[Given material — start]

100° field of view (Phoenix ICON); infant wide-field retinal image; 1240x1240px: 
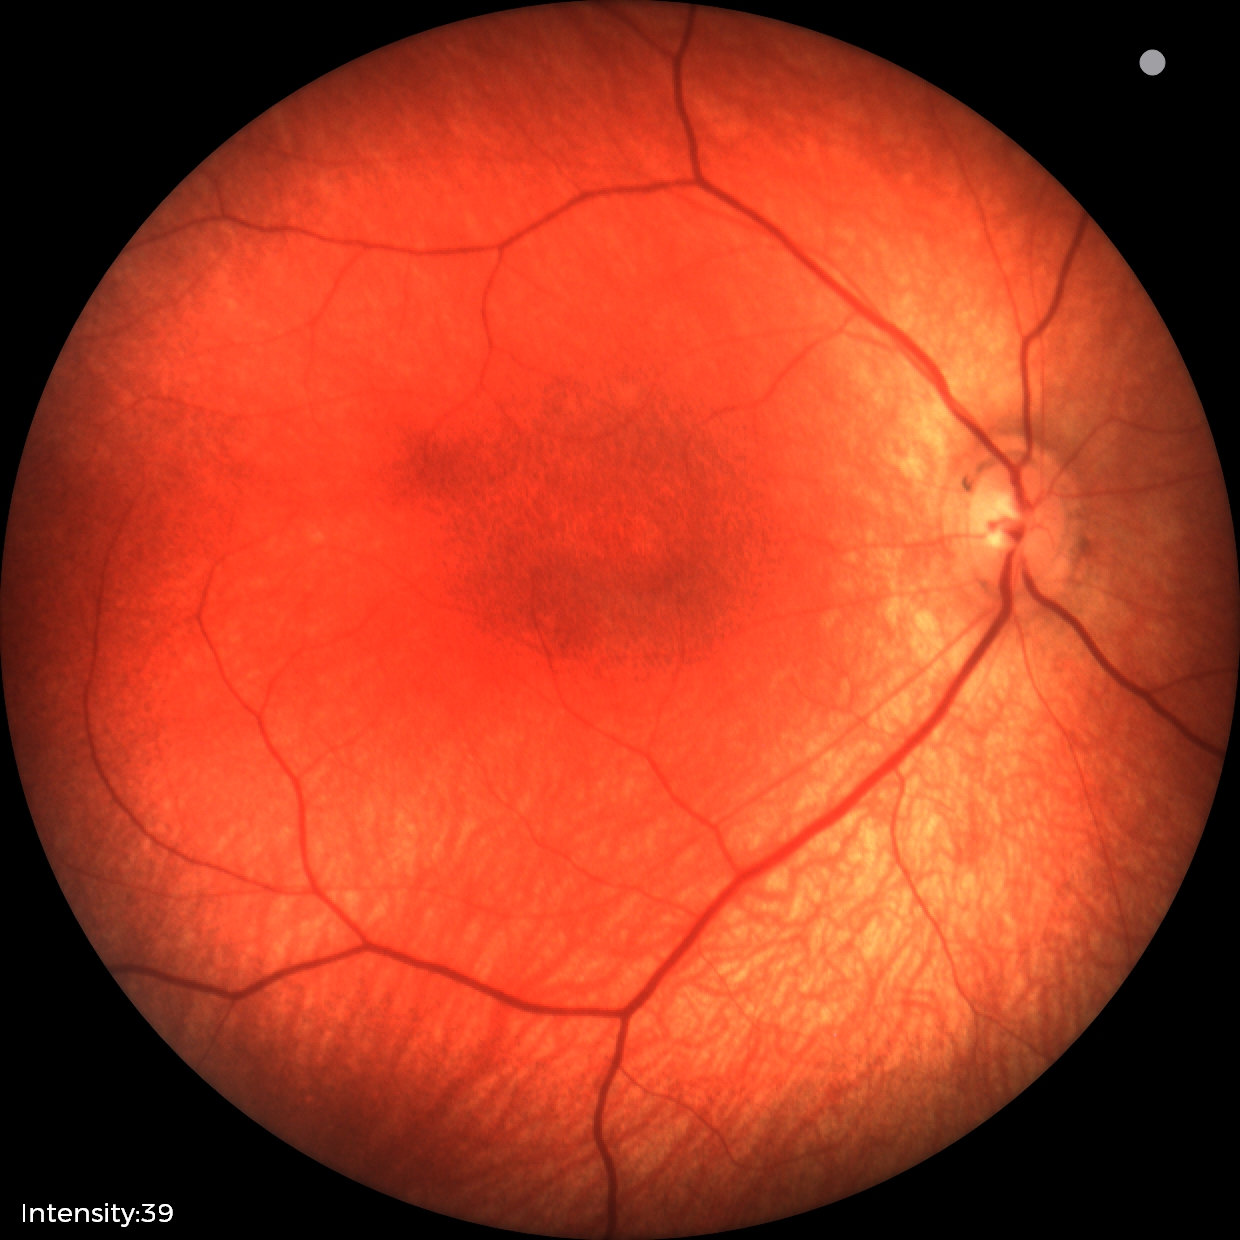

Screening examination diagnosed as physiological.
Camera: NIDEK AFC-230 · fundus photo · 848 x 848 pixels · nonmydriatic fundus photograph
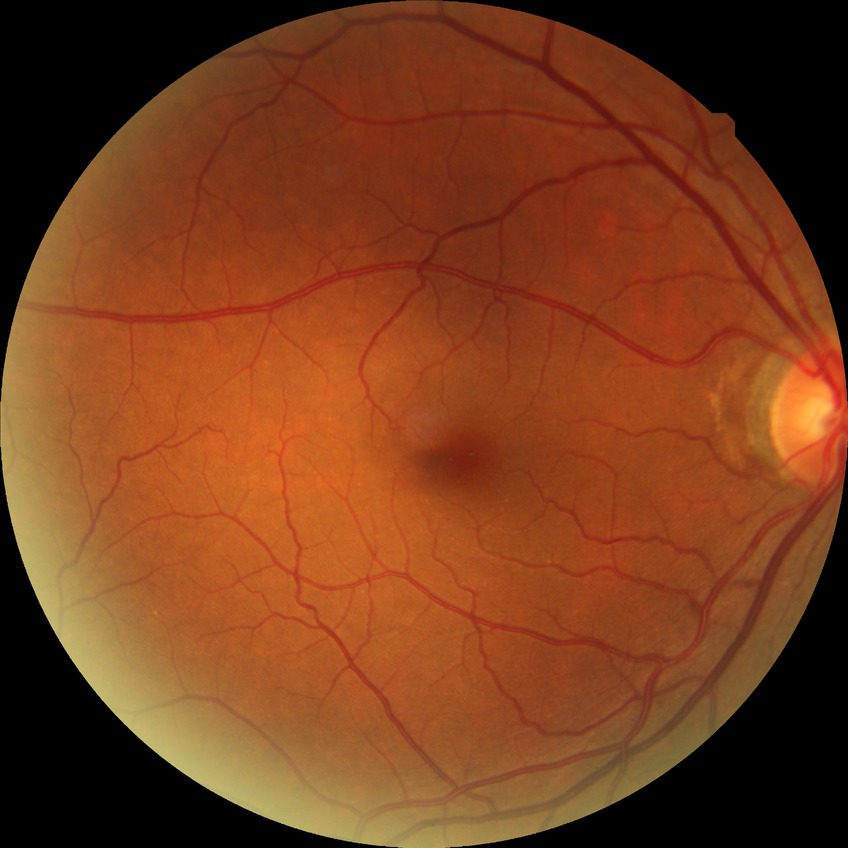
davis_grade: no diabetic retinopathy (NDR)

[Given material — finish]

Instructions to follow =
Reproduce, word for word, every line from the one that contains "Screening examination diagnosed" to the end of the data, including both ends; omit all pictures.

Exercise solution =
Screening examination diagnosed as physiological.
Camera: NIDEK AFC-230 · fundus photo · 848 x 848 pixels · nonmydriatic fundus photograph
davis_grade: no diabetic retinopathy (NDR)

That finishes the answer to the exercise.